Funcionário da Vale morre por Covid-19 no Pará

Foi confirmada a primeira morte de um funcionário da mineradora Vale, ontem (10) em Parauapebas, no Pará. Trata-se de Cidmar Teles, 42 anos, técnico eletroeletrônico, que trabalhava na Usina de Beneficiamento Serra Norte, no Complexo de Carajás, o maior projeto de extração de minério de ferro do mundo.

A Covid-19 foi confirmada por um teste rápido. Cidmar não possuía comorbidades. O teste inicial feito na esposa e no filho deu negativo. Outros 11 colegas de trabalho que tiveram contato com ele estão sendo monitorados.

Segundo a Secretaria Municipal de Saúde de Parauapebas e informações apuradas pela reportagem, Cidmar começou a se sentir mal em 29 de março. Ele deu entrada no serviço de saúde particular do hospital Yutaka Takeda no dia 04 de abril. Na quarta (8), a saúde piorou e ele foi encaminhado para a UTI também particular da Intensicare. Cidmar não tem histórico de viagem recente.
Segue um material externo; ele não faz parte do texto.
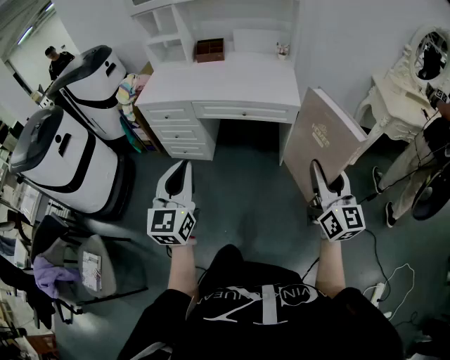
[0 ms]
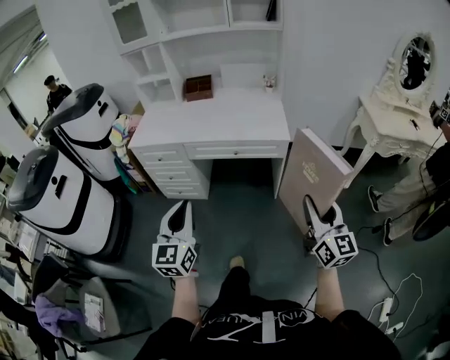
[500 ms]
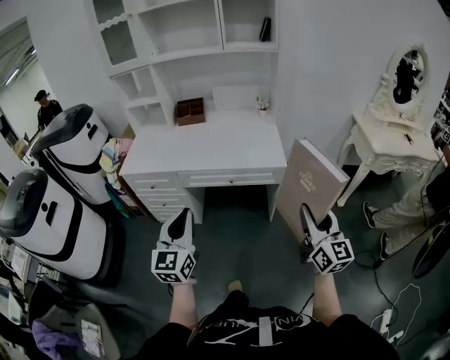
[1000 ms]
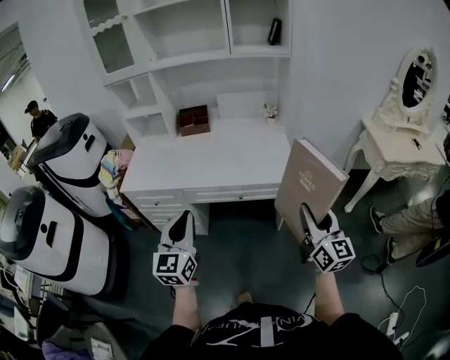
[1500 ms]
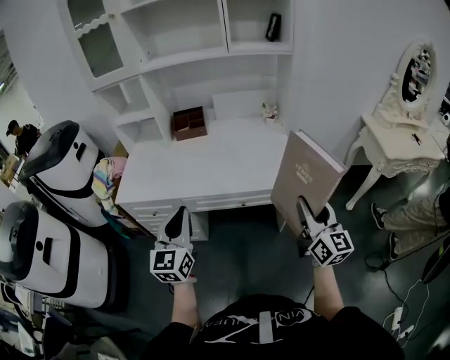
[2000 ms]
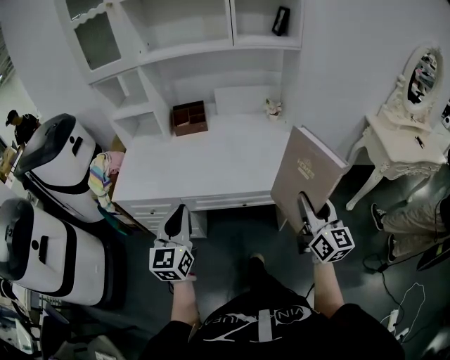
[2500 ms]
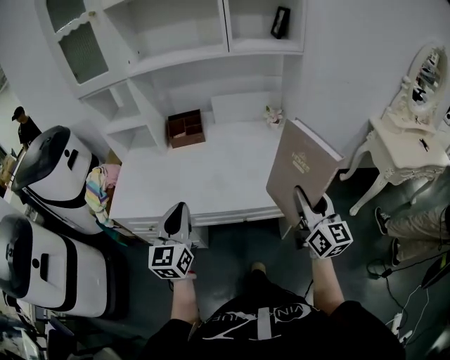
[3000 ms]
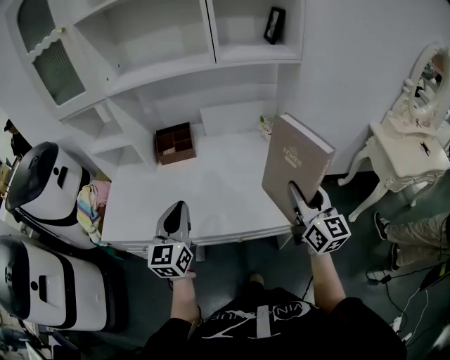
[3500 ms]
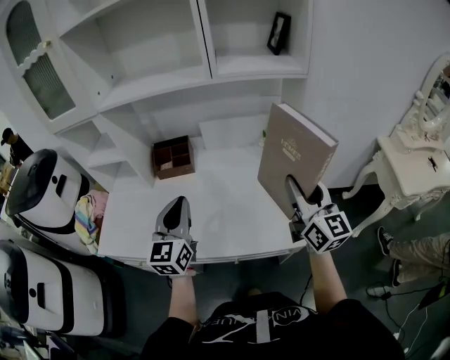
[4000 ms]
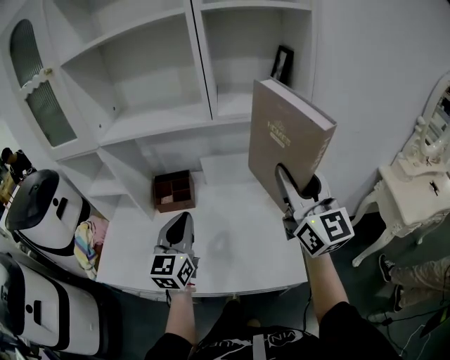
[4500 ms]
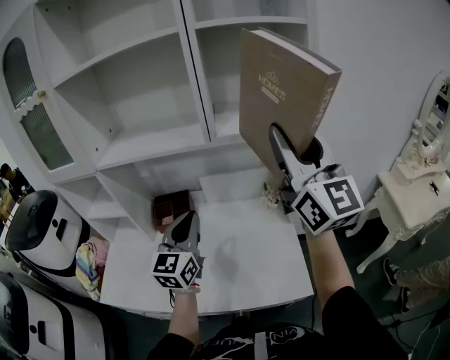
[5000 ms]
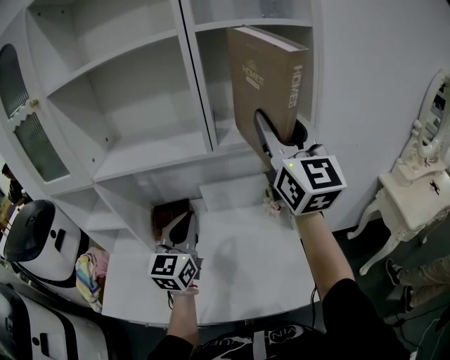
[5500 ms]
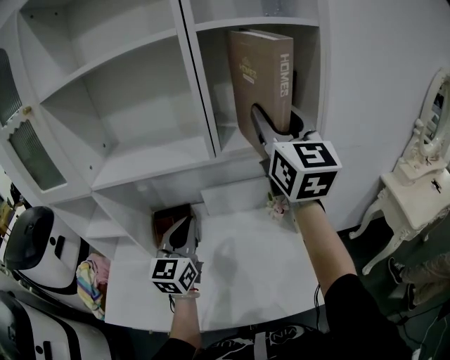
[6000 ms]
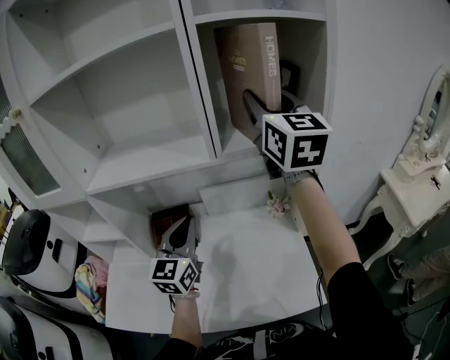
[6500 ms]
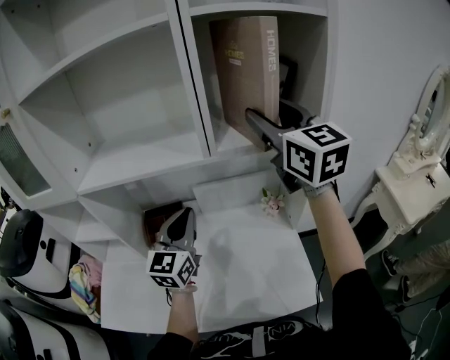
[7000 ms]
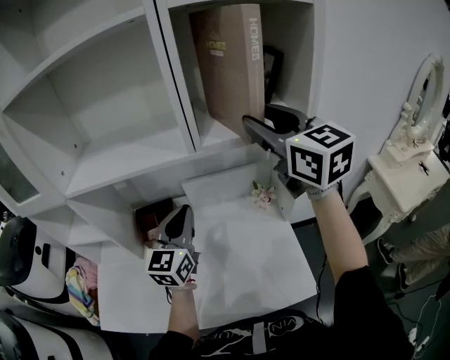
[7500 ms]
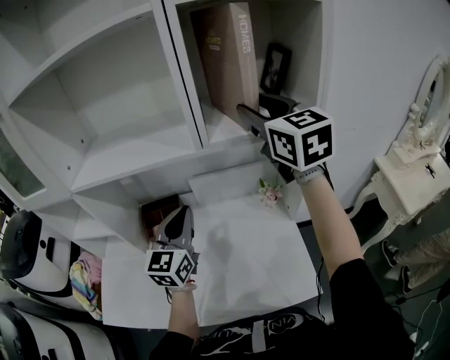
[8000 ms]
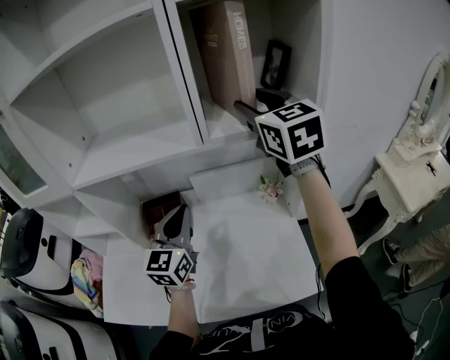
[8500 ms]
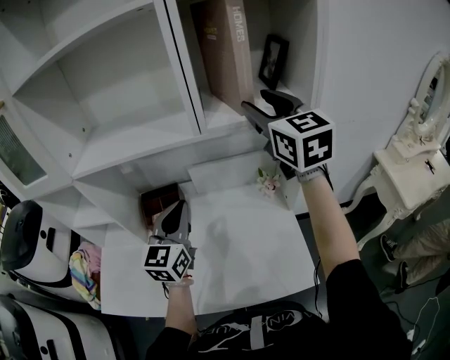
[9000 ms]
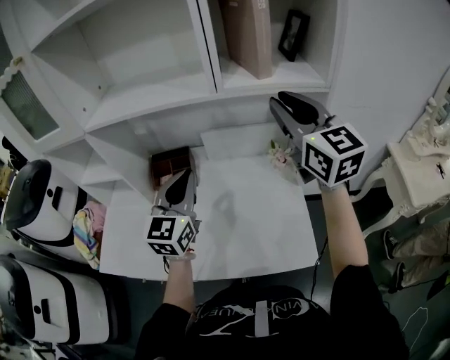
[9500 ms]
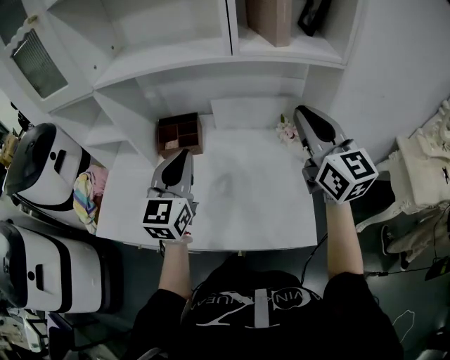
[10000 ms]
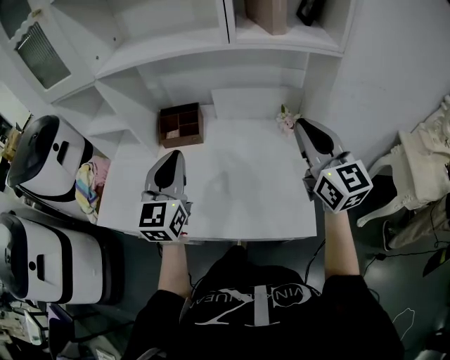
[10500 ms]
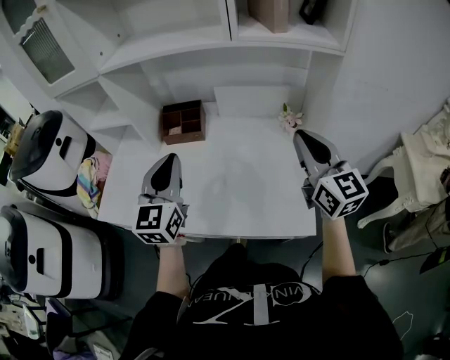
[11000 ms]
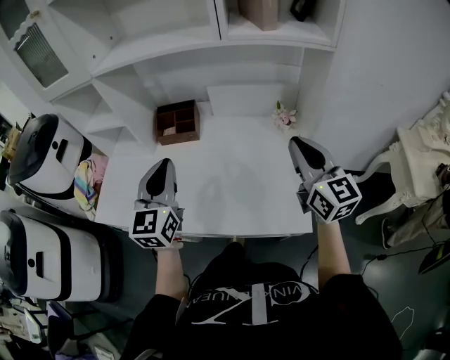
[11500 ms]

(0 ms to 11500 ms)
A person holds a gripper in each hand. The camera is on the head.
0 ms - 2000 ms: The two grippers go approximately 35 cm forward.
2000 ms - 4000 ms: The grippers both shift forward by some 35 cm.
4000 ms - 6000 ms: The left gripper is displaced forward and upward by some 20 cm. Meanwhile the right gripper travels upward and forward by approximately 35 cm, and rotates about 20 degrees.
6000 ms - 7500 ms: The right gripper heads downward, covering some 5 cm, and changes its angle by some 20 degrees; the left gripper moves roughly 5 cm.
7500 ms - 9500 ms: The right gripper heads downward and backward, covering roughly 10 cm, and closes; the left gripper travels backward by roughly 10 cm.
9500 ms - 11500 ms: The right gripper moves downward and backward, about 20 cm. The left gripper shifts some 10 cm backward and to the left.

A prefeitura confirmou a morte.

Em nota, a Vale respondeu que considera o caso ainda “suspeito”. “A Vale lamenta informar o falecimento de um de seus empregados, ocorrido na tarde desta sexta-feira, 10/4, em Parauapebas (PA), com suspeita de Covid-19. A empresa aguarda os laudos com os resultados dos exames para confirmar a causa da morte. A empresa está prestando todo apoio à família”, diz o texto enviado.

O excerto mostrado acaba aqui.